### Exercise aim
Check each line of the listing for the word "more" and give only the number of lines that have it.

### Exercise inputs
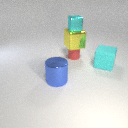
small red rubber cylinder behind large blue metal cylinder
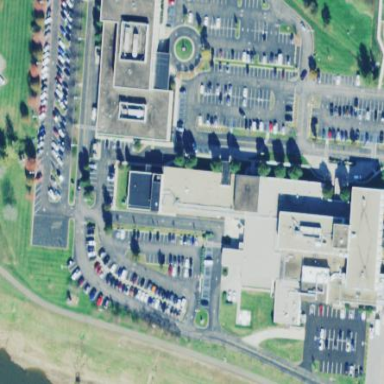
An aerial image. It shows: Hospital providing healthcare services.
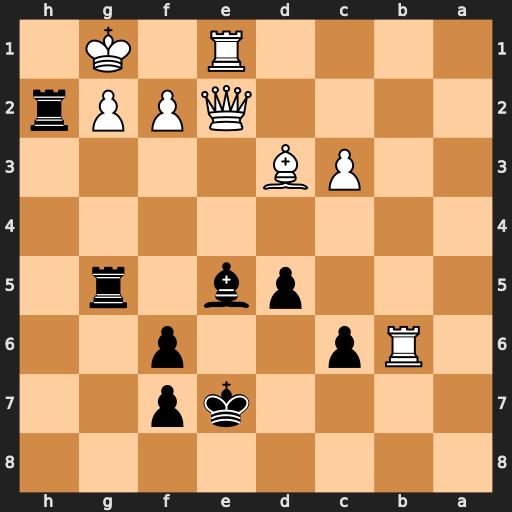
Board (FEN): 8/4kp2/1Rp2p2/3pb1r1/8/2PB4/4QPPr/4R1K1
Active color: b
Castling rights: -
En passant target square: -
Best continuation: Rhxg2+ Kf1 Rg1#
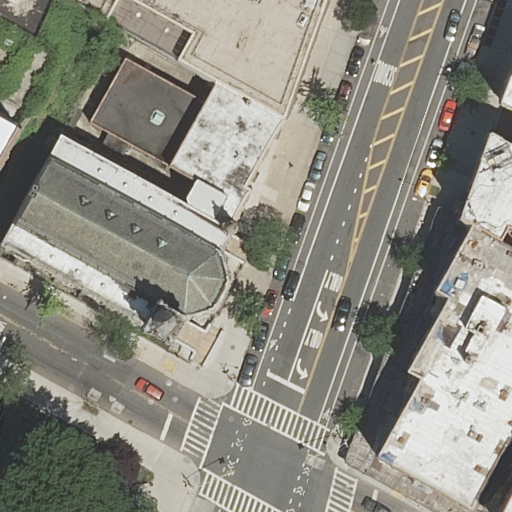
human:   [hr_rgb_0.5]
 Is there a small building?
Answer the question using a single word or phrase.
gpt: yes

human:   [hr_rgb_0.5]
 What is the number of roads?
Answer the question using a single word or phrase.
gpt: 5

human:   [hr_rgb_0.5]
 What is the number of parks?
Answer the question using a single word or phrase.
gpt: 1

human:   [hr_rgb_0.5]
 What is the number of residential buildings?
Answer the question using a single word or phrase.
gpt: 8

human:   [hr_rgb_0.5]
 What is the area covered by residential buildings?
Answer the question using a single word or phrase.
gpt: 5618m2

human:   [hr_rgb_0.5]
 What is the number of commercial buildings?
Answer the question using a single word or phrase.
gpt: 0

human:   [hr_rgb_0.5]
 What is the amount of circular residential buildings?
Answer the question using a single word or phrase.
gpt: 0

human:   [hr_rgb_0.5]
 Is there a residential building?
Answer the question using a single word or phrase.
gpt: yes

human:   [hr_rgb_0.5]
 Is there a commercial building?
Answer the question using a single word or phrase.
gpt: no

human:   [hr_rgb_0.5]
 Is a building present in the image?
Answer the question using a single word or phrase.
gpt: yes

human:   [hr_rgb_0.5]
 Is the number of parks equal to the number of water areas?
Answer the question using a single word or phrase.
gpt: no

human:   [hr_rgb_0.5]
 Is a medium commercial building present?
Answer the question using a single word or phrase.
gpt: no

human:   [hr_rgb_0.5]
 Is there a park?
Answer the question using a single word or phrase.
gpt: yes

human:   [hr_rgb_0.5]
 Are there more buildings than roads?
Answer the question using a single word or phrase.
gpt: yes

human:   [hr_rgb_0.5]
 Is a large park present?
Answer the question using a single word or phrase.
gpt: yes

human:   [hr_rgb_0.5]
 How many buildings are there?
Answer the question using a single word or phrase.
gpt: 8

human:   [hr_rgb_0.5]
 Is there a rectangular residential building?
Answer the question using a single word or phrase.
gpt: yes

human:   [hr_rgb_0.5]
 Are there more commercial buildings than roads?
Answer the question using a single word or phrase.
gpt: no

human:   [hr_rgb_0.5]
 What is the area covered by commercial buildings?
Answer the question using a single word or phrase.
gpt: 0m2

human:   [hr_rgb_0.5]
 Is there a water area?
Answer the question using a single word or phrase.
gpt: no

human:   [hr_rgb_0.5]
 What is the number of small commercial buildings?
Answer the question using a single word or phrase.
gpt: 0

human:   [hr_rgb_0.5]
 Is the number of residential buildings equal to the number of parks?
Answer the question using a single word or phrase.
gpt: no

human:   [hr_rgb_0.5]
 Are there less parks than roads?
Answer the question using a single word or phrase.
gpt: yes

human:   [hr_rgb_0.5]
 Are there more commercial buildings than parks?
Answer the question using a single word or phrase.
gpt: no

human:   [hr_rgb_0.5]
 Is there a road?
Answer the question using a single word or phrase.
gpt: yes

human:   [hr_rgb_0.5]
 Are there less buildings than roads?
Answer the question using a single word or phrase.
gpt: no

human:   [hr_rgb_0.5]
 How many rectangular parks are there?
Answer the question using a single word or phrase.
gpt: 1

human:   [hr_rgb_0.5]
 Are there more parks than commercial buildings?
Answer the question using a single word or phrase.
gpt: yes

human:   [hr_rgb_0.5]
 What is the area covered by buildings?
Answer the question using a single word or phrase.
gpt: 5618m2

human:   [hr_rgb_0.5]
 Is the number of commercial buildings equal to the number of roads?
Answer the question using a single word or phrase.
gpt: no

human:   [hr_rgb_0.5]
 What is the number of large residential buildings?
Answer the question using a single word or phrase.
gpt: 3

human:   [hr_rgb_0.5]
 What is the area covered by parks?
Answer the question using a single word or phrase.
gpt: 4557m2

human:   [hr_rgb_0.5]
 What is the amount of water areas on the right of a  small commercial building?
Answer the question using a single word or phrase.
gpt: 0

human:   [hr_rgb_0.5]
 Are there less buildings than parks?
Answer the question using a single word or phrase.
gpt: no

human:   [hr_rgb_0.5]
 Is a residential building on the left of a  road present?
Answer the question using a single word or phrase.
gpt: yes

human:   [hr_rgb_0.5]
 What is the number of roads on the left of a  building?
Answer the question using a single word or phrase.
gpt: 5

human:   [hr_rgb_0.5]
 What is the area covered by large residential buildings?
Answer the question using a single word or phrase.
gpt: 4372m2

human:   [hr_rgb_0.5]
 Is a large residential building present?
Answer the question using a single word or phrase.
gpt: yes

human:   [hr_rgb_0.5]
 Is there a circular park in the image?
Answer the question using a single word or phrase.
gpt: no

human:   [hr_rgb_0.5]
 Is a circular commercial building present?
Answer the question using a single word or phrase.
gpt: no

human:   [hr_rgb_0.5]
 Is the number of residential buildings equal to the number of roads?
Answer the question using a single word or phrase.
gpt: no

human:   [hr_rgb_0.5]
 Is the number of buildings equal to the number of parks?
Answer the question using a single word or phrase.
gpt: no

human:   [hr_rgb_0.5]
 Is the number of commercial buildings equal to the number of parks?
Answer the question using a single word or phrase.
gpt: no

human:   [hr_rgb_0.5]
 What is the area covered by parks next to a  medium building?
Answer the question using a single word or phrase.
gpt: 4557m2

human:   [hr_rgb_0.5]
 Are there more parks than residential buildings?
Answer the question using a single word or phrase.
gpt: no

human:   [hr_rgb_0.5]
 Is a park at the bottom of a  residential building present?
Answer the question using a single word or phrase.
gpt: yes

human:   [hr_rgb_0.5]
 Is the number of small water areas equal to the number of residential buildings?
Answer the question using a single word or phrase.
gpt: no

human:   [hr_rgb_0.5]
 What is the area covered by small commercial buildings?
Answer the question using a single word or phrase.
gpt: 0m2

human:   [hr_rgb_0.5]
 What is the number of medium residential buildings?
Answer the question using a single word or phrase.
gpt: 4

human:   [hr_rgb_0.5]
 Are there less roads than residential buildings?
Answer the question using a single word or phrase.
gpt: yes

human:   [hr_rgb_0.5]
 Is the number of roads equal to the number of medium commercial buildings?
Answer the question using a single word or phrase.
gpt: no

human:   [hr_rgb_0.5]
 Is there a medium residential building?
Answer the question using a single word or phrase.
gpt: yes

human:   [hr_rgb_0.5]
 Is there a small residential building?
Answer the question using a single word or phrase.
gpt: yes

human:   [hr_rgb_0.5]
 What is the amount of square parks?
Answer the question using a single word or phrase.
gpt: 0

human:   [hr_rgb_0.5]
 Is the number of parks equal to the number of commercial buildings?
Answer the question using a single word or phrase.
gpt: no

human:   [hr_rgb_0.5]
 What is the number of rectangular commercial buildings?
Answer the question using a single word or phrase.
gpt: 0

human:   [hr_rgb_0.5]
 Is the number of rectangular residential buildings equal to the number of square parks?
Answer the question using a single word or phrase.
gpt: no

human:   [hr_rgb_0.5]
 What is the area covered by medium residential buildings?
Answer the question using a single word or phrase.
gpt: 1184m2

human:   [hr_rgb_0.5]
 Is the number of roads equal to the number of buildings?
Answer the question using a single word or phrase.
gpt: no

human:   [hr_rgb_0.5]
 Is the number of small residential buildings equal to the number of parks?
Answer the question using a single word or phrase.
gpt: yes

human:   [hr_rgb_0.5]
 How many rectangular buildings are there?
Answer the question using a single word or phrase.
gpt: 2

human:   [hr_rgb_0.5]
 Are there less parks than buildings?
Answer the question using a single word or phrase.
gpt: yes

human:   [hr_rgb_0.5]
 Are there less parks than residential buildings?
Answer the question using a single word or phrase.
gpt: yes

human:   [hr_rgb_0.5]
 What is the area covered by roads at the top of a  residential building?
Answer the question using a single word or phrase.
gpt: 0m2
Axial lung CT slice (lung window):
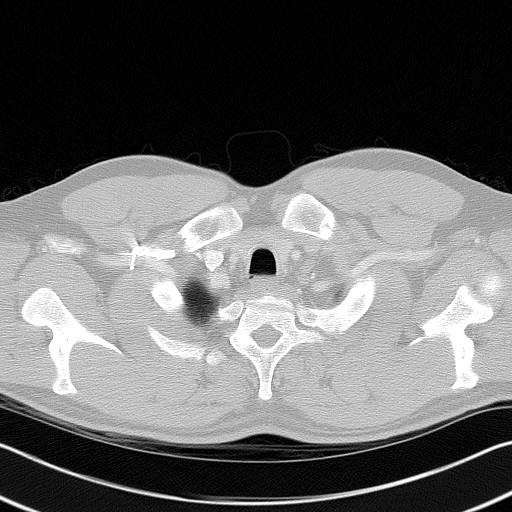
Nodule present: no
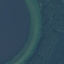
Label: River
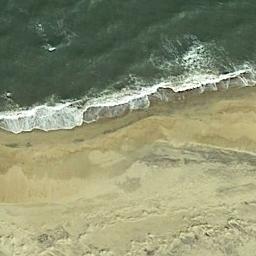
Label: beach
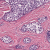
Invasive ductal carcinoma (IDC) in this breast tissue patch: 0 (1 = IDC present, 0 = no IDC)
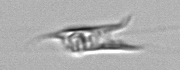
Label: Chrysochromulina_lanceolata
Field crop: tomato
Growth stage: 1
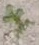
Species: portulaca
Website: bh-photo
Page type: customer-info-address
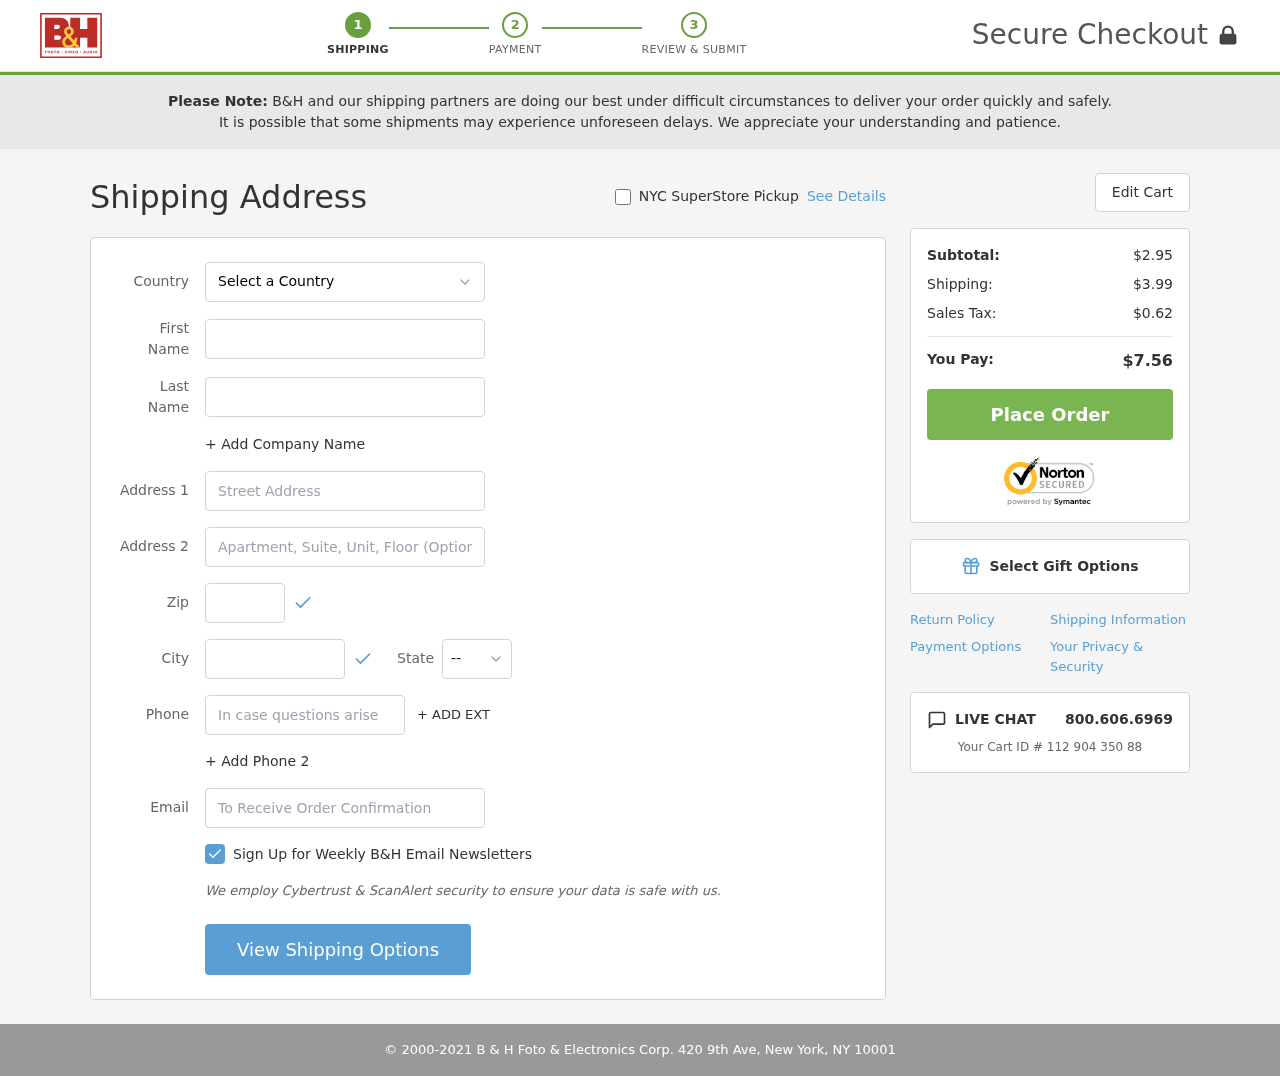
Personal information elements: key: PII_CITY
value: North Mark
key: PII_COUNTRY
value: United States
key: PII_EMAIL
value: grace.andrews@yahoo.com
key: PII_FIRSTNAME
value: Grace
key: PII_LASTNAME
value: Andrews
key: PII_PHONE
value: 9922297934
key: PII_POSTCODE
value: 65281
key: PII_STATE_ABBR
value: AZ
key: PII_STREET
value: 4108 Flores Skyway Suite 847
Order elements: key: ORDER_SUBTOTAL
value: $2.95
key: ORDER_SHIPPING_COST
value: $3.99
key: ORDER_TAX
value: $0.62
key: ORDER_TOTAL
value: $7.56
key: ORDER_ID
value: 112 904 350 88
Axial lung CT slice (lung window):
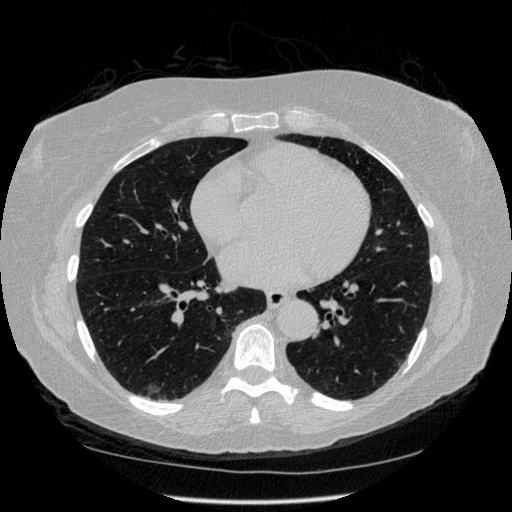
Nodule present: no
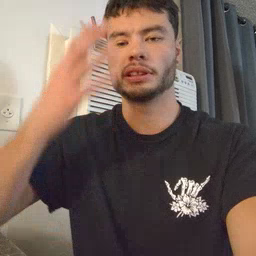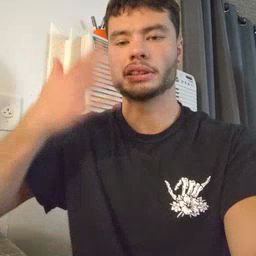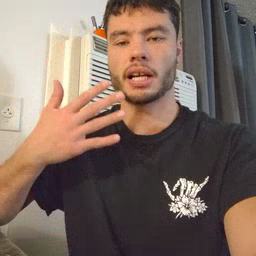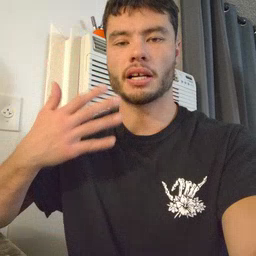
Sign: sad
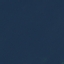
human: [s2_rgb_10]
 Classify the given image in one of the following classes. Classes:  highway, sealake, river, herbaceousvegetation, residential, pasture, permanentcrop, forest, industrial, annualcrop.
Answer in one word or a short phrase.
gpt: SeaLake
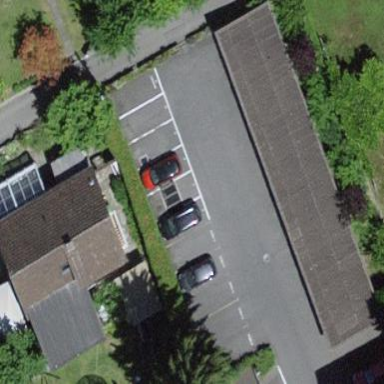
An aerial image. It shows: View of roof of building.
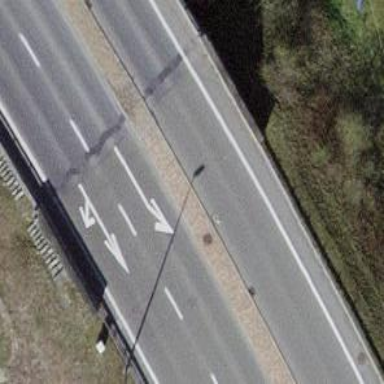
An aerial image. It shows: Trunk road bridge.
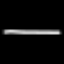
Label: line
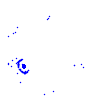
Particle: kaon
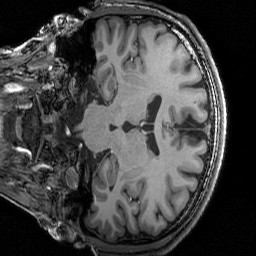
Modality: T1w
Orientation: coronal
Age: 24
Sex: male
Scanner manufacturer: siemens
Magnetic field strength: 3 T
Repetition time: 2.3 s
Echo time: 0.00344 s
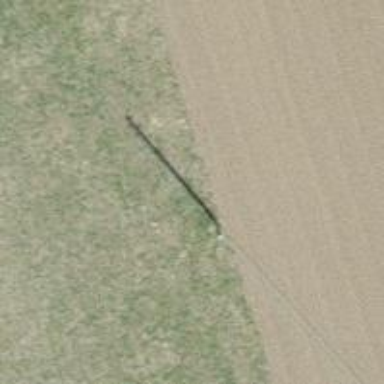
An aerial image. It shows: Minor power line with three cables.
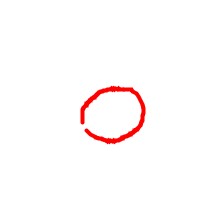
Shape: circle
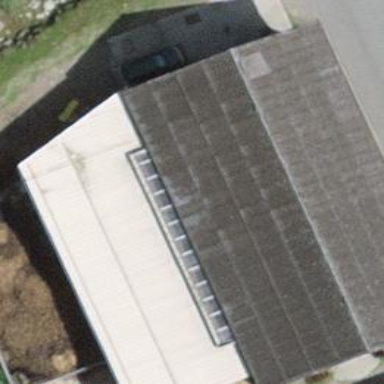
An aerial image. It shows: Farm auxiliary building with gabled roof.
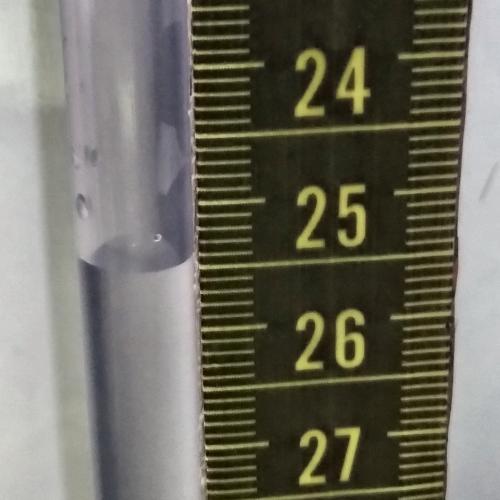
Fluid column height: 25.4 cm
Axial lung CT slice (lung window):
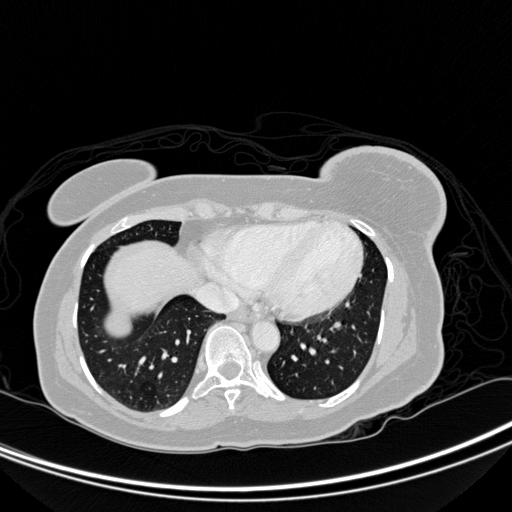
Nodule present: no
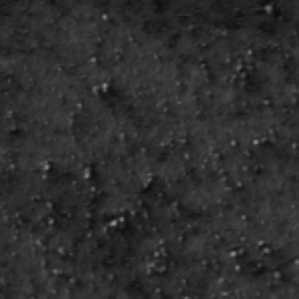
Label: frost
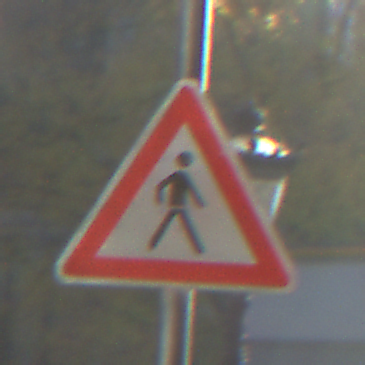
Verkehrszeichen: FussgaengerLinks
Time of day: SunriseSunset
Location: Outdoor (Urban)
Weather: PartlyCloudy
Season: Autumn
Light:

### Answer space
5